[Source data]

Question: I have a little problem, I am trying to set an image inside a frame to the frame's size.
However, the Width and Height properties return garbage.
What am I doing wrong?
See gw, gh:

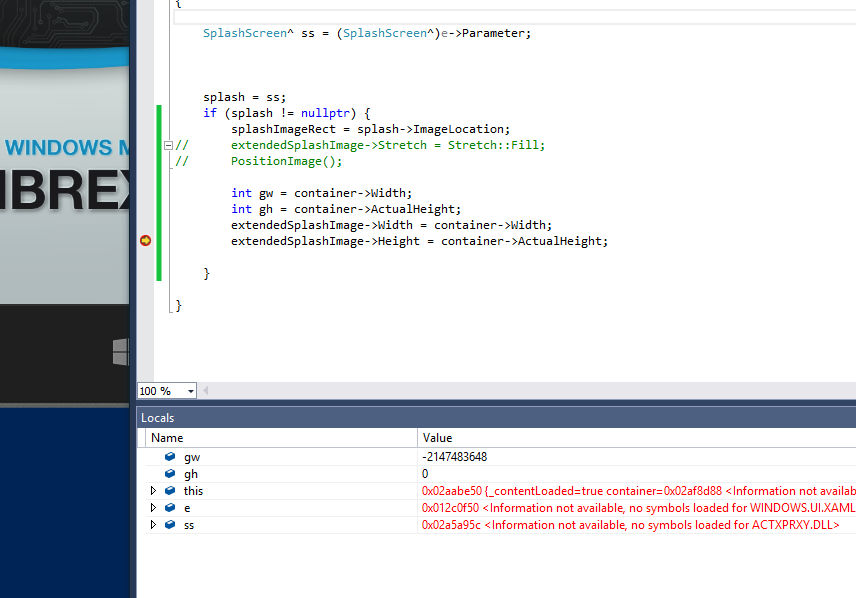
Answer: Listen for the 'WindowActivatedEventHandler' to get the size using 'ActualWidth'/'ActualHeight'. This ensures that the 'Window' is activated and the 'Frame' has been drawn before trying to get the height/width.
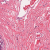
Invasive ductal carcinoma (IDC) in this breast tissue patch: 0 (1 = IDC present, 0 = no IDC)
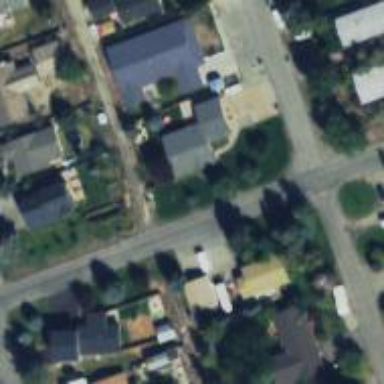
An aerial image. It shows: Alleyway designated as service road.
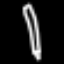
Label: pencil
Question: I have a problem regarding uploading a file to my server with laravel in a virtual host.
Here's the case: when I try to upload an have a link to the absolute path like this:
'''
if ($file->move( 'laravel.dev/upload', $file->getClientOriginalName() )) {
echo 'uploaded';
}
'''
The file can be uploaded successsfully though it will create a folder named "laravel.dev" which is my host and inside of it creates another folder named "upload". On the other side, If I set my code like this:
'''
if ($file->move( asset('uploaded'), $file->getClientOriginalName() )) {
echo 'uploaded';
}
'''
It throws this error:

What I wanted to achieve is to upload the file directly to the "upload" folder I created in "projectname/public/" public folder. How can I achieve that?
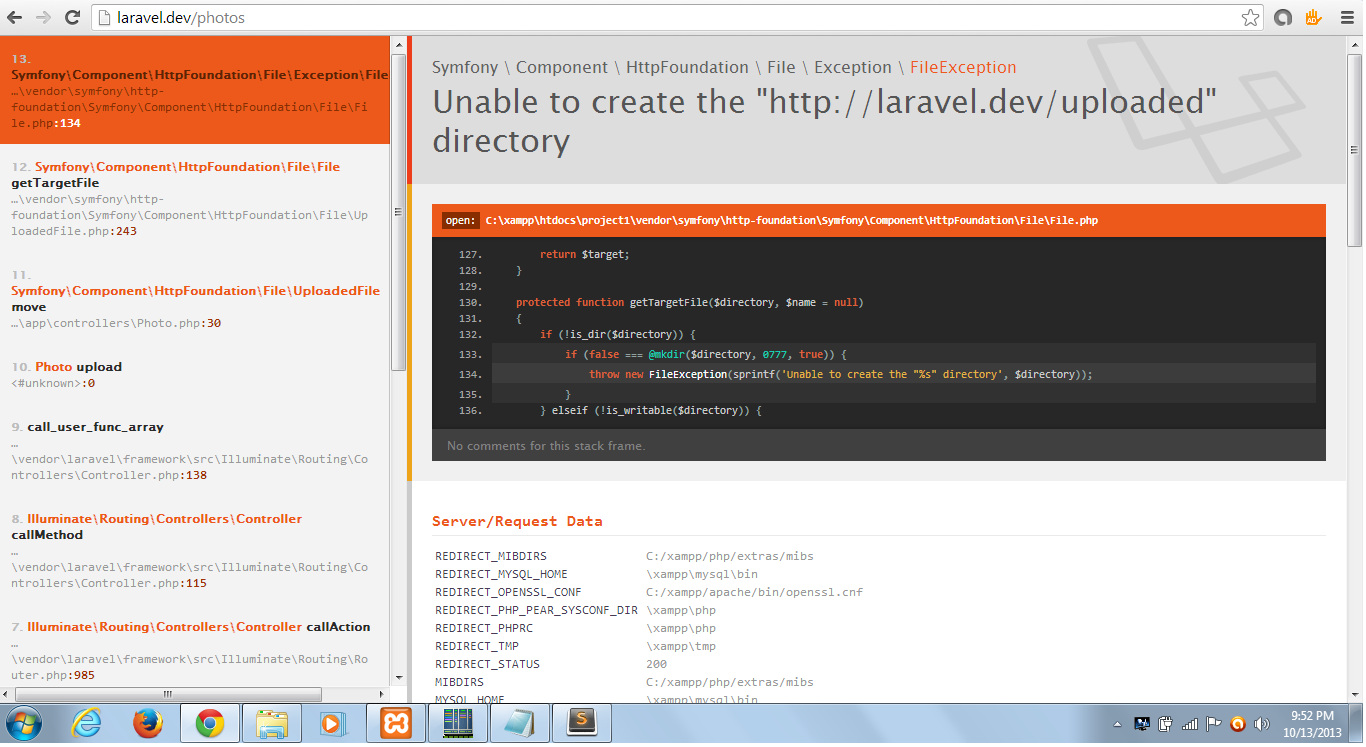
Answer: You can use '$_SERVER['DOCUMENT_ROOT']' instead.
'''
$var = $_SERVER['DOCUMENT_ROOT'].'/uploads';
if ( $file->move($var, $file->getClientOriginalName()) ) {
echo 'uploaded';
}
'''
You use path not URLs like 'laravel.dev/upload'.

[/Source data]

If a line in the records above contains the word "Question", copy it.

Question: I have a little problem, I am trying to set an image inside a frame to the frame's size.
Question: I have a problem regarding uploading a file to my server with laravel in a virtual host.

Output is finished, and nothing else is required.